Why Does This Matter?
Underlying racial biases within AI systems are detrimental to society, customers, constituents, members, and companies as well as modern technology itself. From companies at the top of the tech industry like Google and Facebook to AI systems like COMPAS, technologies can suffer from racial data bias, causing skewed search results, incorrect forecasts, and ultimately mimicking, creating, and modeling biases that result in end users making misinformed decisions.
Beating Bias With Equity & Diversity
While it is difficult to fully eradicate data bias considering the degree to which AI and data are built into complex social systems, there are several crucial steps and actions businesses can take to mitigate bias and avoid its negative impacts on customers, society, and the bottom line.
- Hire a diverse team. A diverse team will force individuals to think through issues more, be inclusive of different views, and promote a comprehensive outcome. Diverse teams lead to less data bias, as they are able to talk through issues together. This allows for different views to be incorporated into algorithms and AI systems (e.g., the ProPublica case) to help mitigate data bias.
- Structure data analysis to allow for different opinions.
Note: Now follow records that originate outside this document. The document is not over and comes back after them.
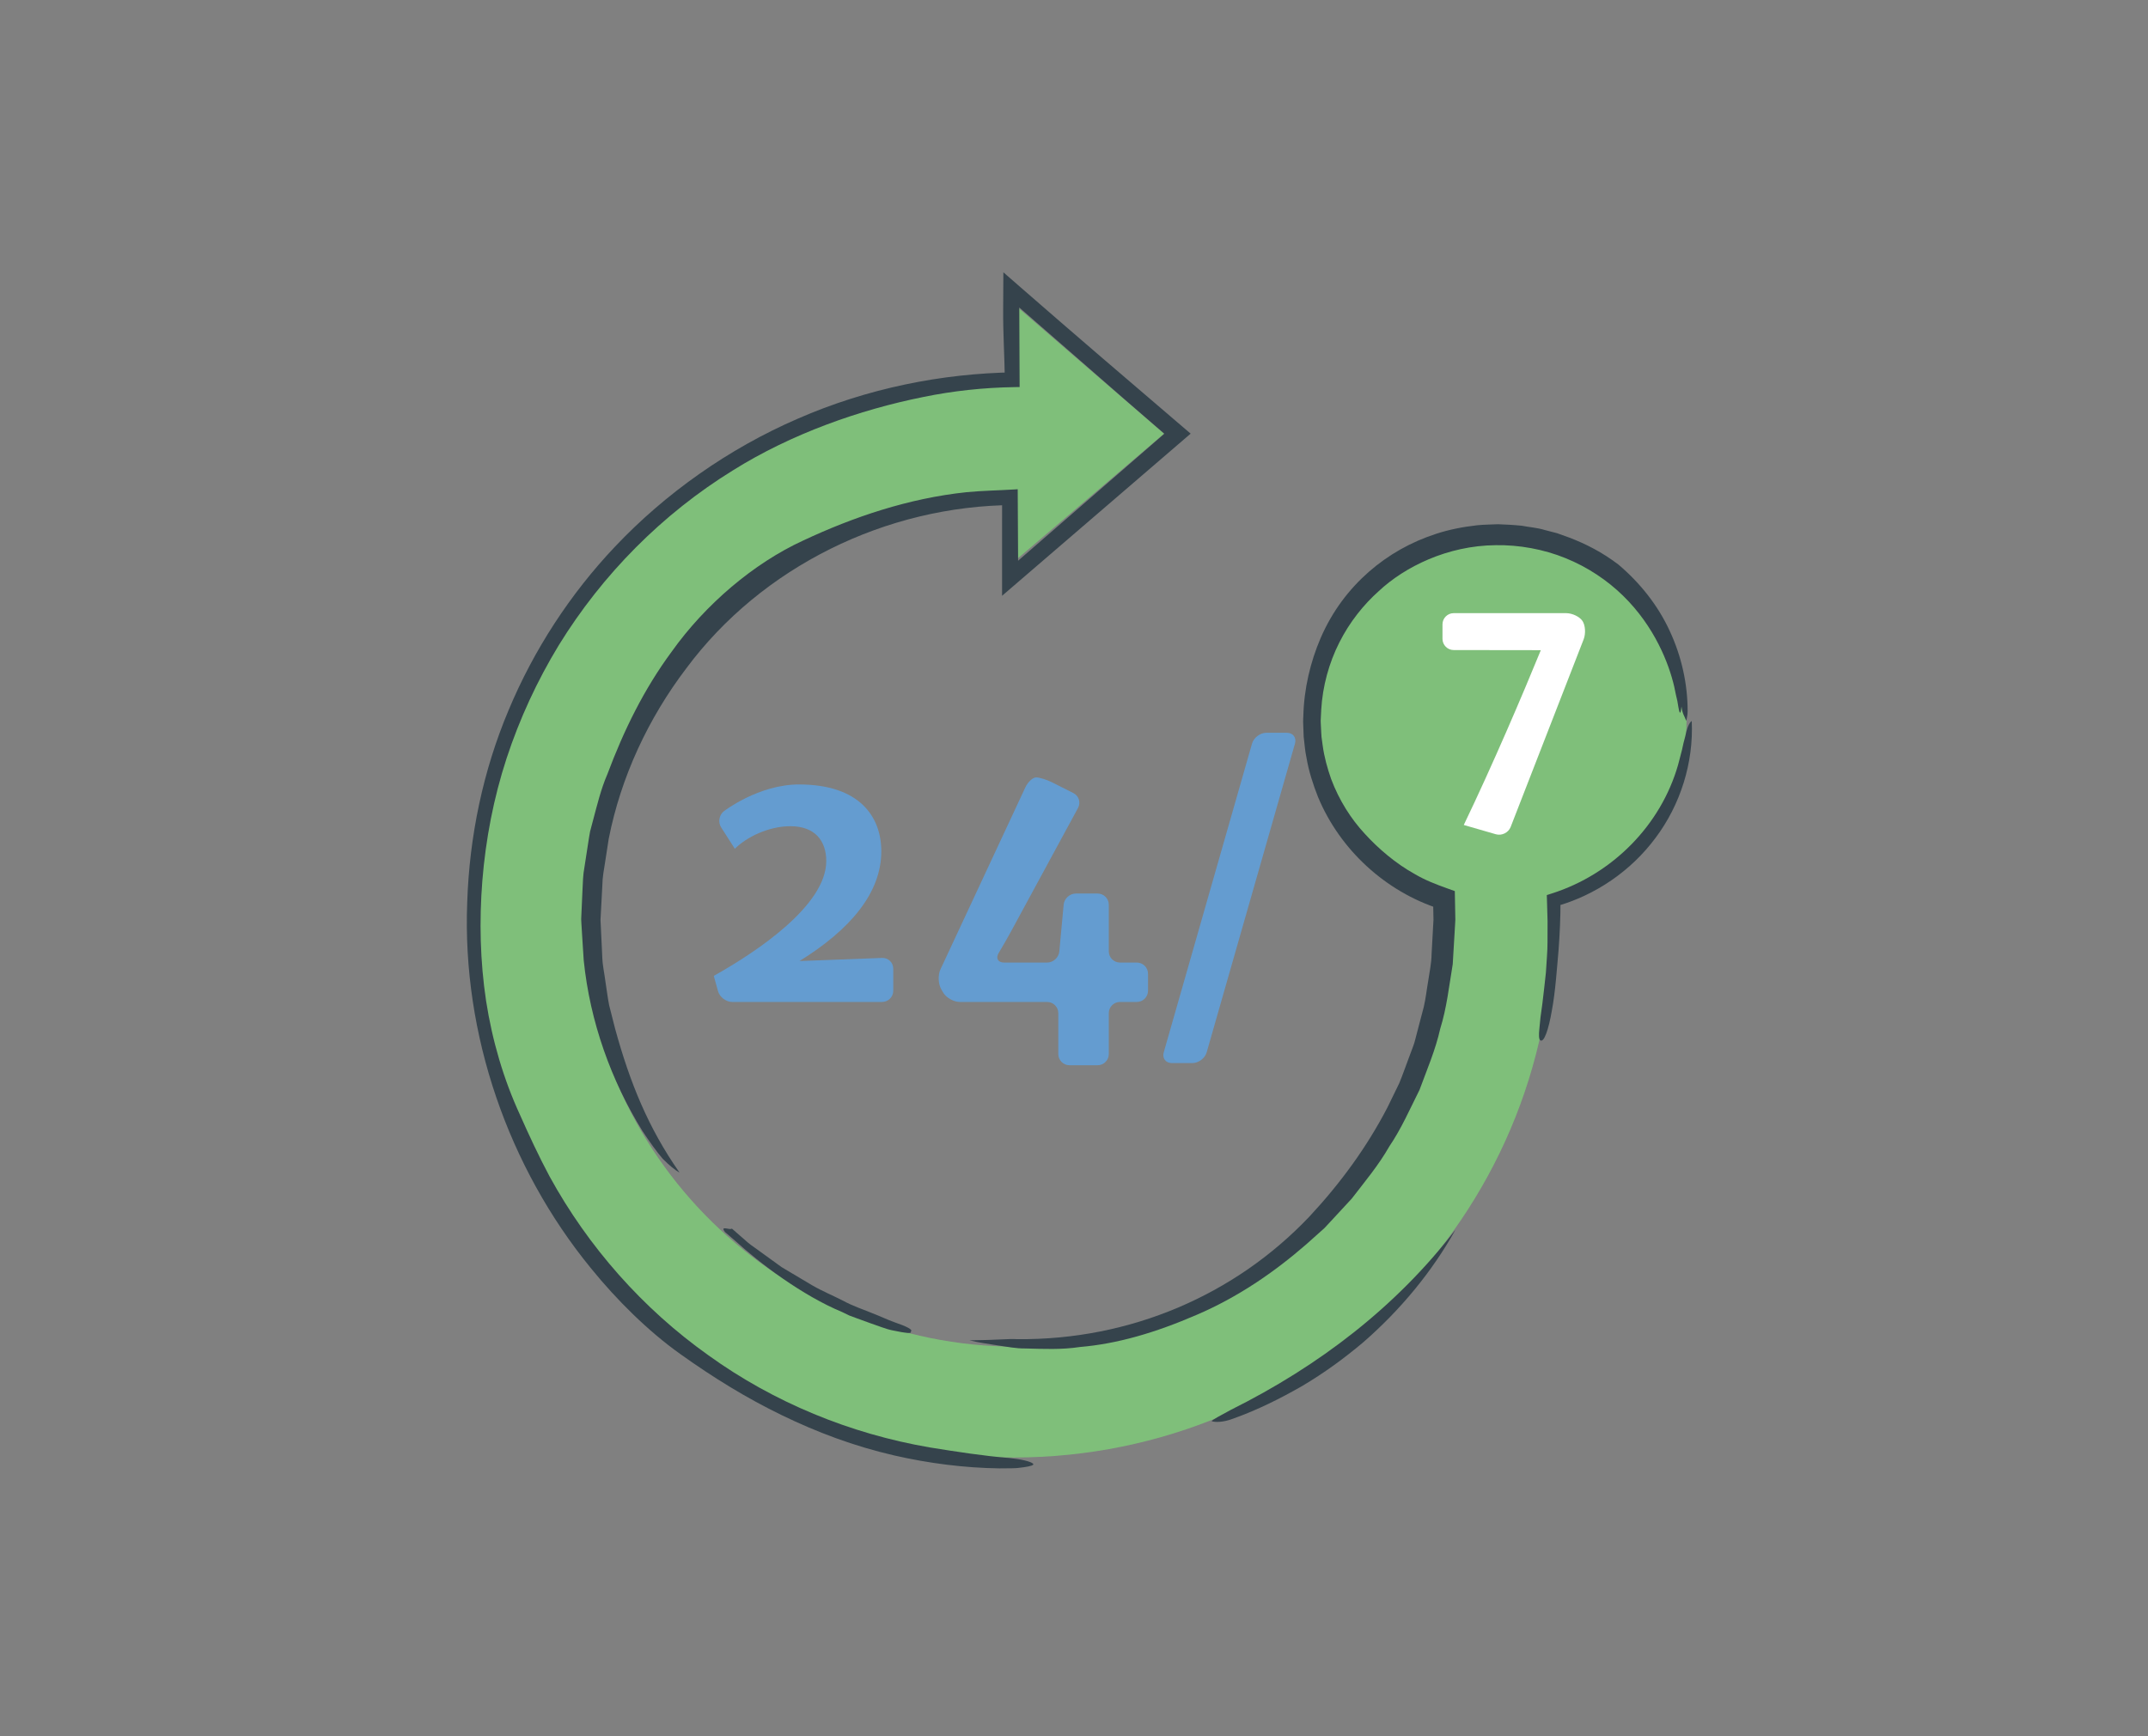 <?xml version="1.0" encoding="utf-8"?>
<!-- Generator: Adobe Illustrator 16.0.0, SVG Export Plug-In . SVG Version: 6.00 Build 0)  -->
<!DOCTYPE svg PUBLIC "-//W3C//DTD SVG 1.1//EN" "http://www.w3.org/Graphics/SVG/1.1/DTD/svg11.dtd">
<svg version="1.1" id="Layer_3" xmlns="http://www.w3.org/2000/svg" xmlns:xlink="http://www.w3.org/1999/xlink" x="0px" y="0px"
	 width="235px" height="190px" viewBox="0 0 235 190" enable-background="new 0 0 235 190" xml:space="preserve">
<rect x="0" y="0" width="235" height="190" fill="#808080" stroke="none"/>
<g>
	<path fill="#7FBF7A" d="M184.513,78.896c0-11.315-9.175-20.49-20.49-20.49c-11.314,0-20.487,9.175-20.487,20.49
		c0,9.17,6.026,16.933,14.335,19.546c0.035,0.729,0.056,1.463,0.056,2.202c0,25.805-20.915,46.722-46.722,46.722
		c-25.803,0-47.321-20.917-47.321-46.722C63.883,74.84,85,53.924,110,53.924v8.333l17.355-14.797L110,32.48v9.311
		c-31,0-58.251,26.35-58.251,58.854s26.651,58.853,59.155,58.853s59.006-26.349,59.006-58.853c0-0.722,0.048-1.436,0.023-2.151
		C178.327,95.932,184.513,88.128,184.513,78.896z"/>
	<g>
		<g>
			<g>
				<path fill="#35434C" d="M79.312,134.82c0.007,0.006,1.146,0.989,1.149,0.992c2.674,2.437,7.308,5.958,11.685,7.773
					c0.265,0.128,0.526,0.254,0.783,0.379c0.268,0.099,0.531,0.196,0.789,0.292c0.517,0.188,1.012,0.367,1.48,0.538
					c0.945,0.316,1.759,0.663,2.467,0.796c1.406,0.298,2.181,0.379,1.962,0.124c0.328-0.184-0.417-0.558-1.818-1.036
					c-0.698-0.25-1.523-0.646-2.479-1.014c-0.949-0.389-2.035-0.746-3.101-1.325c-1.074-0.555-2.261-1.037-3.378-1.688
					c-1.112-0.662-2.24-1.333-3.339-1.986c-1.037-0.751-2.048-1.482-2.992-2.165c-0.487-0.324-0.907-0.697-1.306-1.055
					c-0.403-0.352-0.786-0.687-1.143-0.999C79.871,134.658,78.726,134.046,79.312,134.82z"/>
				<path fill="#35434C" d="M110.423,159.552c-2.695-0.21-5.773-0.684-8.718-1.16c-8.695-1.493-17.056-4.927-24.203-10.081
					c-7.184-5.1-13.147-11.863-17.372-19.565c-1.181-2.2-2.339-4.706-3.23-6.723c-1.806-3.908-3.044-8.146-3.718-12.482
					c-0.655-4.339-0.757-8.775-0.412-13.146c0.367-4.555,1.233-9.07,2.652-13.405c1.423-4.333,3.347-8.494,5.711-12.382
					c4.771-7.751,11.336-14.374,19.059-19.14c6.374-3.989,13.833-6.623,20.835-8.028c3.279-0.674,6.616-1.024,9.952-1.078
					l0.573-0.009l-0.002-0.561c-0.014-3.109-0.027-6.211-0.041-9.311l-0.875,0.401c4.143,3.613,8.281,7.223,12.438,10.848
					c1.637,1.416,3.256,2.817,4.856,4.203c0.001-0.318,0.002-0.632,0.003-0.945c-5.813,5.051-11.469,9.963-17.218,14.958
					c0.224,0.104,0.451,0.208,0.678,0.313c-0.016-2.751-0.031-5.526-0.046-8.333l-0.002-0.388l-0.362,0.023
					c-1.704,0.108-3.464,0.13-5.225,0.299c-6.359,0.667-12.408,2.722-17.882,5.291c-5.426,2.493-10.715,7.001-14.388,12.161
					c-3.016,4.082-5.228,8.58-7.041,13.424c-0.7,1.61-1.101,3.311-1.552,4.99l-0.333,1.26c-0.086,0.427-0.143,0.862-0.214,1.293
					l-0.399,2.587c-0.166,0.867-0.18,1.708-0.22,2.553l-0.113,2.528l-0.027,0.631c0.005,0.293,0.023,0.449,0.034,0.68l0.078,1.278
					c0.054,0.85,0.108,1.698,0.163,2.545c0.687,6.761,3.013,13.172,6.407,18.66c0.834,1.261,1.575,2.301,2.242,3.074
					c0.731,0.729,1.34,1.229,1.807,1.492c-0.01-0.026-0.015-0.041-0.024-0.063c-3.35-4.807-5.367-9.718-7-15.682l-0.65-2.559
					c-0.171-0.861-0.269-1.736-0.408-2.602c-0.107-0.869-0.311-1.727-0.34-2.602l-0.124-2.618l-0.063-1.307l-0.008-0.163
					l-0.002-0.04l-0.001-0.021c0-0.021-0.003,0.113-0.001,0.046l0.005-0.084l0.018-0.336l0.036-0.671l0.142-2.681
					c0.01-0.913,0.174-1.743,0.305-2.587l0.392-2.53c1.334-6.79,4.328-13.188,8.481-18.659c8.228-11.084,21.845-17.835,35.907-17.88
					c-0.436-0.436-0.872-0.872-1.347-1.347c-0.001,1.388-0.002,2.837-0.004,4.29c0,1.346,0,2.692,0,4.043v2.944l2.228-1.916
					c5.756-4.951,11.521-9.909,17.291-14.872l1.112-0.957l-1.106-0.945c-5.806-4.958-11.609-9.931-17.374-14.958l-2.009-1.752
					l-0.015,2.679l-0.008,1.479c-0.015,2.468,0.143,4.954,0.182,7.464c0.002,0.121,0.004,0.241,0.006,0.368
					c0.342-0.342,0.685-0.685,1.044-1.044c-7.916,0.111-16.129,1.759-23.697,5.072c-7.577,3.281-14.478,8.163-20.015,14.02
					c-4.872,5.15-8.853,11.237-11.626,17.875c-2.798,6.632-4.293,13.828-4.528,21.044c-0.564,14.473,4.508,28.995,13.534,40.029
					c2.846,3.511,6.289,6.905,9.746,9.368c3.656,2.615,7.294,4.851,11.139,6.714c3.839,1.864,7.875,3.387,12.288,4.404
					c3.783,0.867,7.684,1.364,11.515,1.417c0.441,0.004,0.915,0.001,1.371-0.012l0.338-0.012l0.194-0.011l0.159-0.016
					c0.208-0.025,0.407-0.05,0.591-0.072c0.731-0.103,1.203-0.236,1.028-0.392C112.758,159.93,111.771,159.692,110.423,159.552z"/>
				<path fill="#35434C" d="M106.066,146.675c1.04,0.266,2.083,0.382,3.091,0.557c1.007,0.143,2.013,0.349,3.012,0.333
					c1.996,0.05,3.984,0.147,5.987-0.161c4.039-0.343,8.18-1.53,12.824-3.545c4.425-1.902,8.395-4.61,11.94-7.697l1.317-1.178
					l0.658-0.588l0.602-0.645l2.392-2.586c1.426-1.857,2.943-3.659,4.103-5.702c1.321-1.946,2.26-4.104,3.313-6.205
					c0.809-2.205,1.751-4.376,2.264-6.691c0.707-2.252,0.966-4.669,1.366-7.052c0.069-1.161,0.138-2.325,0.207-3.492l0.051-0.876
					l0.027-0.504l-0.008-0.451l-0.033-1.813l-0.016-0.865l-0.901-0.323c-1.148-0.412-2.358-0.877-3.476-1.538
					c-2.07-1.141-4.024-2.813-5.478-4.419c-1.491-1.604-2.803-3.653-3.677-5.989c-0.41-1.168-0.757-2.418-0.924-3.667l-0.128-0.934
					c-0.03-0.324-0.036-0.673-0.056-1.01c-0.006-0.317-0.054-0.729-0.023-0.969l0.047-0.974c0.146-2.595,0.852-5.15,1.984-7.385
					c1.127-2.241,2.667-4.154,4.329-5.634c2.806-2.62,7.476-4.97,12.789-5.011c2.526-0.043,5.24,0.44,7.636,1.423
					c2.417,0.975,4.573,2.433,6.285,4.108c3.457,3.376,5.017,7.431,5.596,9.945c0.124,0.626,0.242,1.16,0.347,1.59
					c0.084,0.445,0.122,0.806,0.181,1.015c0.105,0.428,0.196,0.324,0.268-0.429c0.089,0.816,0.344,1.064,0.522,1.582
					c0.052-0.353,0.15-0.59,0.15-1.047c0.006-2.969-0.661-6.02-1.953-8.787c-1.277-2.787-3.242-5.266-5.61-7.27
					c-1.744-1.338-3.588-2.276-5.381-2.959c-0.453-0.163-0.898-0.323-1.337-0.481c-0.451-0.117-0.896-0.232-1.333-0.346
					c-0.868-0.268-1.753-0.318-2.593-0.478c-0.87-0.088-1.634-0.122-2.541-0.159c-0.781,0.042-1.511,0.033-2.284,0.114
					c-1.601,0.178-3.068,0.479-4.454,0.926c-2.776,0.896-5.247,2.294-7.399,4.176c-2.143,1.884-3.983,4.272-5.266,7.24
					c-1.129,2.625-1.824,5.568-1.895,8.574c-0.006,0.204-0.025,0.338-0.021,0.6l0.02,0.539l0.04,1.079
					c0.099,0.757,0.14,1.552,0.304,2.284c0.25,1.492,0.719,2.935,1.268,4.324c2.389,5.757,7.38,10.354,13.344,12.251l-0.758-0.982
					l0.03,1.47l0.013,0.681l-0.041,0.752l-0.166,3.008c-0.011,1.023-0.229,1.949-0.365,2.912c-0.168,0.954-0.265,1.914-0.487,2.864
					l-0.745,2.841c-0.135,0.471-0.223,0.955-0.396,1.413l-0.513,1.376c-0.349,0.914-0.661,1.844-1.039,2.745l-1.286,2.639
					c-2.27,4.374-5.158,8.312-8.537,11.942c-4.141,4.359-9.015,7.688-14.393,9.967c-5.381,2.271-11.293,3.505-17.593,3.446
					C110.343,146.485,109.154,146.647,106.066,146.675z"/>
				<path fill="#35434C" d="M185.084,78.896c-0.313,0.211-0.542,0.848-0.718,1.714c-0.124,0.431-0.24,0.919-0.348,1.445
					c-0.122,0.524-0.292,1.076-0.43,1.648c-1.888,6.6-7.168,11.953-13.813,14.071l-0.548,0.175l0.017,0.557
					c0.021,0.754,0.043,1.515,0.065,2.279c-0.002,0.762-0.004,1.527-0.006,2.297c0.007,1.03-0.112,2.193-0.177,3.369
					c-0.13,1.169-0.254,2.351-0.389,3.409c-0.161,1.056-0.27,2-0.323,2.704c-0.075,0.699-0.059,1.167,0.096,1.276
					c0.409,0.299,0.919-1.193,1.271-3.262c0.39-2.063,0.557-4.682,0.73-6.582c0.136-1.828,0.224-3.701,0.21-5.516l-0.515,0.708
					c4.301-1.2,8.222-3.86,10.92-7.503C183.847,88.063,185.298,83.46,185.084,78.896z"/>
				<path fill="#35434C" d="M159.232,134.577c-6.464,8.404-14.88,14.875-24.588,19.714c-0.896,0.488-2.207,1.171-2.056,1.241
					c0.309,0.104,1.193,0.151,2.329-0.289c2.652-0.947,5.156-2.199,7.554-3.575c2.382-1.41,4.604-3.031,6.679-4.783
					C153.247,143.316,156.687,139.145,159.232,134.577z"/>
			</g>
		</g>
	</g>
	<g>
		<g>
			<g>
				<path fill="#649CD0" d="M78.09,106.791c4.681-2.617,12.306-7.7,12.306-12.563c0-2.175-1.198-3.814-3.922-3.814
					c-2.396,0-4.81,1.198-6.08,2.469l-1.498-2.34c-0.363-0.567-0.224-1.367,0.309-1.778c0,0,3.784-2.92,8.206-2.92
					c6.67,0,9.008,3.573,9.008,7.314c0,4.587-3.446,8.603-8.952,12.01l9.037-0.341c0.673-0.025,1.223,0.505,1.223,1.178v2.416
					c0,0.673-0.551,1.224-1.224,1.224H80.107c-0.673,0-1.372-0.53-1.552-1.18L78.09,106.791z"/>
			</g>
			<g>
				<path fill="#649CD0" d="M112.169,86.182c0.284-0.61,0.82-1.109,1.19-1.109c0.37,0,1.164,0.248,1.765,0.551l2.308,1.164
					c0.601,0.303,0.83,1.035,0.509,1.626l-7.325,13.505c-0.321,0.592-0.866,1.549-1.212,2.126l-0.144,0.241
					c-0.346,0.577-0.078,1.05,0.596,1.05h4.701c0.673,0,1.275-0.549,1.337-1.219L116.368,99c0.062-0.67,0.664-1.219,1.337-1.219
					h2.378c0.673,0,1.224,0.551,1.224,1.224v5.106c0,0.673,0.551,1.224,1.224,1.224h1.845c0.673,0,1.224,0.551,1.224,1.224v1.863
					c0,0.673-0.551,1.224-1.224,1.224h-1.845c-0.673,0-1.224,0.551-1.224,1.224v4.479c0,0.673-0.551,1.224-1.224,1.224h-3.077
					c-0.673,0-1.224-0.551-1.224-1.224v-4.479c0-0.673-0.551-1.224-1.224-1.224h-9.565c-0.673,0-1.497-0.479-1.831-1.063
					l-0.185-0.324c-0.334-0.584-0.374-1.562-0.09-2.172L112.169,86.182z"/>
			</g>
			<g>
				<path fill="#649CD0" d="M136.979,81.367c0.186-0.647,0.888-1.177,1.561-1.177h2.25c0.673,0,1.072,0.529,0.887,1.177
					l-9.661,33.791c-0.186,0.647-0.888,1.177-1.561,1.177h-2.25c-0.673,0-1.072-0.529-0.887-1.177L136.979,81.367z"/>
			</g>
		</g>
	</g>
	<g>
		<g>
			<g>
				<path fill="#FFFFFF" d="M168.572,71.15l-9.534-0.013c-0.673-0.001-1.224-0.553-1.224-1.226v-1.589
					c0-0.673,0.551-1.224,1.224-1.224h12.306c0.673,0,1.479,0.388,1.79,0.862s0.367,1.375,0.123,2.003l-7.984,20.531
					c-0.244,0.627-0.973,0.987-1.619,0.8l-3.511-1.016C163.283,83.75,166.584,76.013,168.572,71.15z"/>
			</g>
		</g>
	</g>
</g>
</svg>

Data gathering methods present another important opportunity to mitigate bias in data. There are multiple correct though different ways to view a single dataset, many of which are often missed in teams that consist predominantly of only one demographic group. Structuring teams and analysis processes to enable analysts from different backgrounds to share their diverse interpretations and analyses broadens the scope of possible methods and interpretations, thereby reducing the likelihood of bias in the data and data processes.
- Include data from diverse sources and use diverse datasets. Regardless of how data is analyzed and interpreted by a diverse team, without the right data, diverse datasets, and enough data, bias will inevitably creep into the dataset. Incorporating data from diverse sources and utilizing datasets that represent a diverse population for a more comprehensive, 360-degree view mitigates the risks of different biases within and between individual datasets and ensures that data models are more flexible and representative.
- Consider ALL end users and ALL of those affected. Data must relate to the target population. The decisions being made based on the data may be directed at particular segments of a population, in which case attention should be paid to the data from members of those segments. In the case of King County, doing so would have prevented the county from spending time and money developing a tool that ultimately did not meet the needs of the target population. On the other hand, if data is being used to make decisions that affect large and diverse groups of people, the data used should be representative of that diversity.
Bias is nearly impossible to eradicate from decisions and data entirely, but being conscious of diversity, equity, and inclusion can help restrain the effects of bias while also saving decision makers time and money.